Task -
Word for word, transcribe the listing that follows, minus any pictures.

Exercise material -
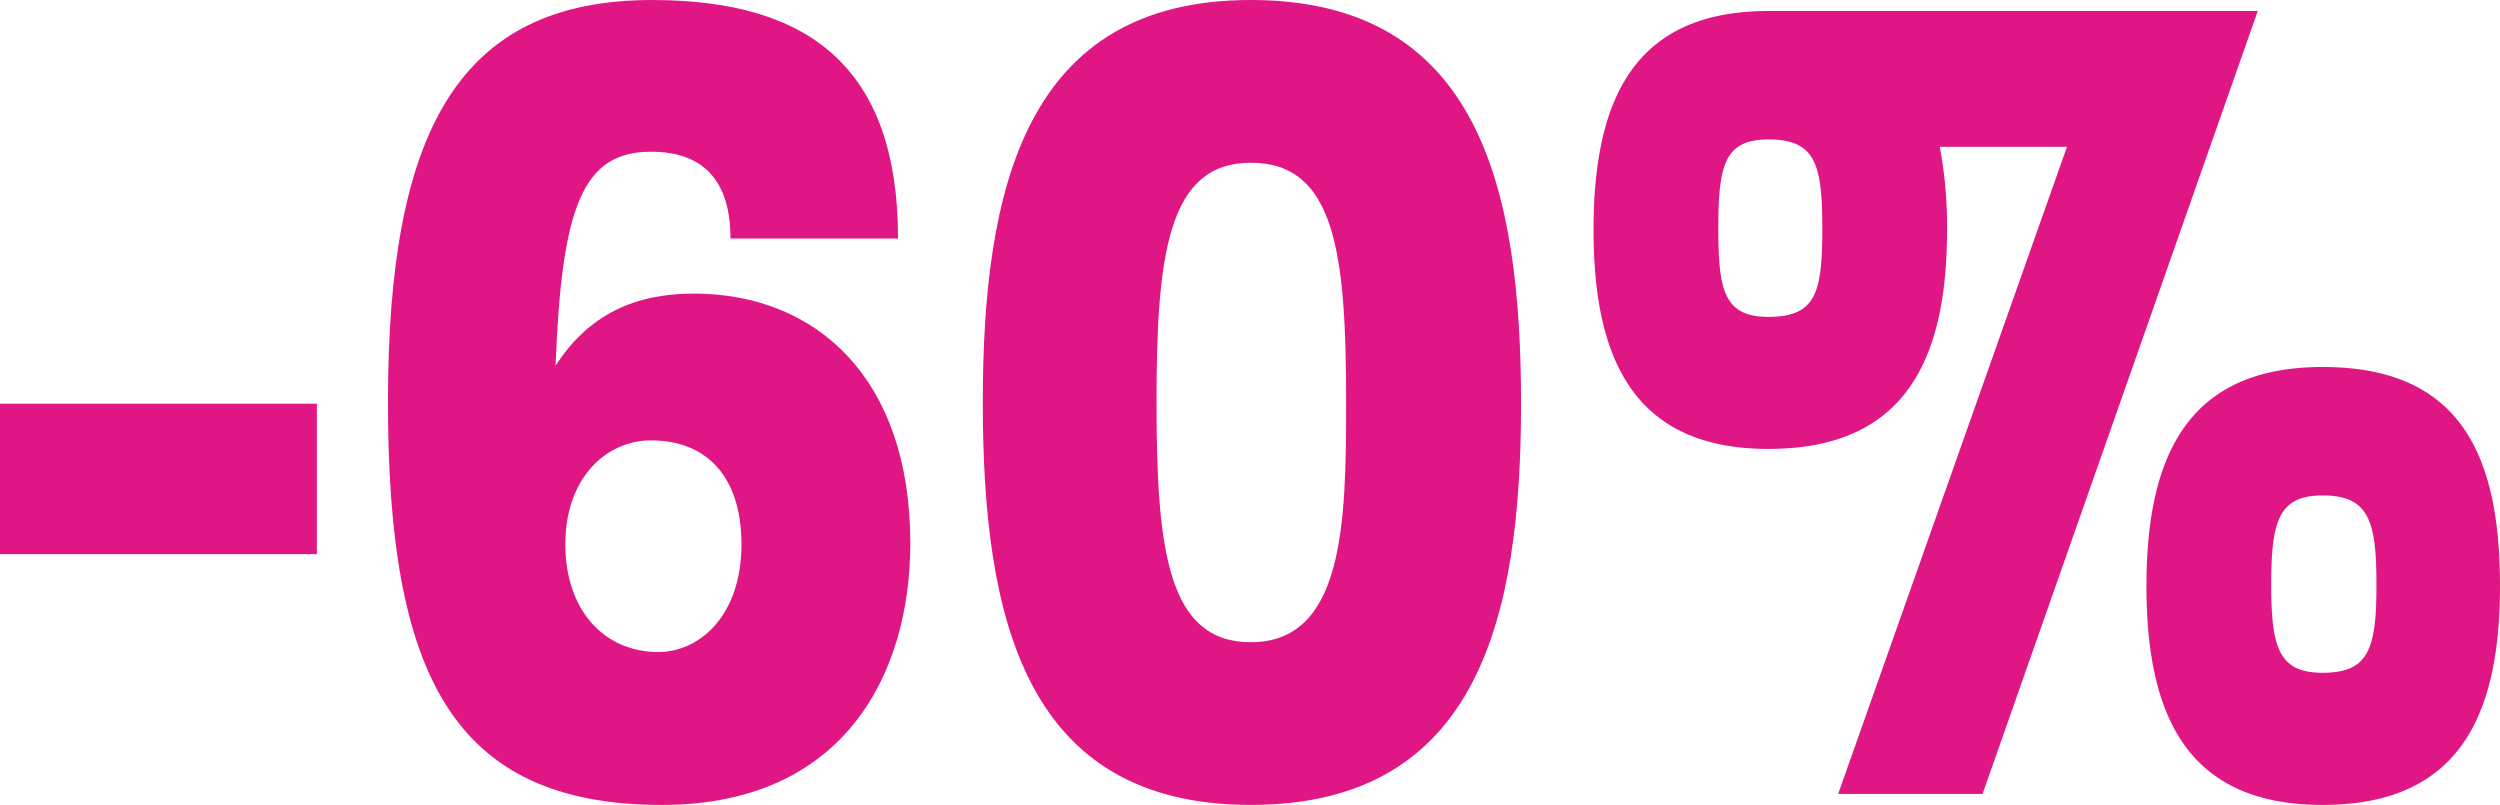 <svg xmlns="http://www.w3.org/2000/svg" width="487.623" height="157" viewBox="0 0 487.623 157">
  <g id="_-60_rose" data-name="-60%rose" transform="translate(0 0)">
    <rect id="Rectangle_1358" data-name="Rectangle 1358" width="61.802" height="29.345" transform="translate(0 78.741)" fill="#df1683"/>
    <path id="Tracé_6572" data-name="Tracé 6572" d="M310.8,123.908c0-52.728,13.6-78.5,51.534-78.5,30.54,0,47.959,13.125,47.959,46.53H377.608c0-13.365-7.394-16.94-15.505-16.94-13.366,0-17.417,10.734-18.611,41.751,6.44-10.025,15.514-14.077,26.957-14.077,23.868,0,42.236,16.465,42.236,48.679,0,25.76-13.123,51.056-48.434,51.056-41.042,0-53.448-25.771-53.448-78.5m68.951,27.674c0-13.6-7.149-20.282-17.651-20.282-8.586,0-16.708,7.16-16.708,20.282,0,12.648,7.4,21,18.137,21,8.111,0,16.223-7.16,16.223-21" transform="translate(-235.131 -45.407)" fill="#df1683"/>
    <path id="Tracé_6573" data-name="Tracé 6573" d="M353.357,123.906c0-41.994,8.357-78.5,52.253-78.5,44.385,0,52.728,36.505,52.728,78.741,0,41.751-8.343,78.256-52.728,78.256-44.142,0-52.253-36.505-52.253-78.5m70.867.243c0-28.871-1.917-47-18.614-47-16.22,0-18.371,18.134-18.371,46.762s2.151,46.762,18.371,46.762c18.134,0,18.614-23.137,18.614-46.52" transform="translate(-161.662 -45.407)" fill="#df1683"/>
    <path id="Tracé_6574" data-name="Tracé 6574" d="M526.606,46.194,472.927,198.9H444.765L489.392,72.677H464.573A84.09,84.09,0,0,1,466,88.907c0,25.528-8.343,42.7-34.834,42.7-26.005,0-34.117-17.174-34.117-42.7,0-25.771,8.111-42.713,34.117-42.713ZM441.667,88.665c0-12.406-1.2-17.417-10.5-17.417-8.586,0-9.783,5.011-9.783,17.417,0,12.171,1.2,17.185,9.783,17.185,9.305,0,10.5-4.78,10.5-17.185m132.186,69.67c0,25.536-8.111,42.711-34.6,42.711-26.248,0-34.359-17.174-34.359-42.711,0-25.763,8.354-42.705,34.359-42.705,26.722,0,34.6,16.942,34.6,42.705m-24.1-.234c0-12.406-1.429-17.417-10.5-17.417-8.589,0-10.025,5.011-10.025,17.417,0,12.171,1.437,17.174,10.025,17.174,9.071,0,10.5-4.769,10.5-17.174" transform="translate(-86.23 -44.048)" fill="#df1683"/>
  </g>
</svg>

Final answer -
 <svg xmlns="http://www.w3.org/2000/svg" width="487.623" height="157" viewBox="0 0 487.623 157">
  <g id="_-60_rose" data-name="-60%rose" transform="translate(0 0)">
    <rect id="Rectangle_1358" data-name="Rectangle 1358" width="61.802" height="29.345" transform="translate(0 78.741)" fill="#df1683"/>
    <path id="Tracé_6572" data-name="Tracé 6572" d="M310.8,123.908c0-52.728,13.6-78.5,51.534-78.5,30.54,0,47.959,13.125,47.959,46.53H377.608c0-13.365-7.394-16.94-15.505-16.94-13.366,0-17.417,10.734-18.611,41.751,6.44-10.025,15.514-14.077,26.957-14.077,23.868,0,42.236,16.465,42.236,48.679,0,25.76-13.123,51.056-48.434,51.056-41.042,0-53.448-25.771-53.448-78.5m68.951,27.674c0-13.6-7.149-20.282-17.651-20.282-8.586,0-16.708,7.16-16.708,20.282,0,12.648,7.4,21,18.137,21,8.111,0,16.223-7.16,16.223-21" transform="translate(-235.131 -45.407)" fill="#df1683"/>
    <path id="Tracé_6573" data-name="Tracé 6573" d="M353.357,123.906c0-41.994,8.357-78.5,52.253-78.5,44.385,0,52.728,36.505,52.728,78.741,0,41.751-8.343,78.256-52.728,78.256-44.142,0-52.253-36.505-52.253-78.5m70.867.243c0-28.871-1.917-47-18.614-47-16.22,0-18.371,18.134-18.371,46.762s2.151,46.762,18.371,46.762c18.134,0,18.614-23.137,18.614-46.52" transform="translate(-161.662 -45.407)" fill="#df1683"/>
    <path id="Tracé_6574" data-name="Tracé 6574" d="M526.606,46.194,472.927,198.9H444.765L489.392,72.677H464.573A84.09,84.09,0,0,1,466,88.907c0,25.528-8.343,42.7-34.834,42.7-26.005,0-34.117-17.174-34.117-42.7,0-25.771,8.111-42.713,34.117-42.713ZM441.667,88.665c0-12.406-1.2-17.417-10.5-17.417-8.586,0-9.783,5.011-9.783,17.417,0,12.171,1.2,17.185,9.783,17.185,9.305,0,10.5-4.78,10.5-17.185m132.186,69.67c0,25.536-8.111,42.711-34.6,42.711-26.248,0-34.359-17.174-34.359-42.711,0-25.763,8.354-42.705,34.359-42.705,26.722,0,34.6,16.942,34.6,42.705m-24.1-.234c0-12.406-1.429-17.417-10.5-17.417-8.589,0-10.025,5.011-10.025,17.417,0,12.171,1.437,17.174,10.025,17.174,9.071,0,10.5-4.769,10.5-17.174" transform="translate(-86.23 -44.048)" fill="#df1683"/>
  </g>
</svg>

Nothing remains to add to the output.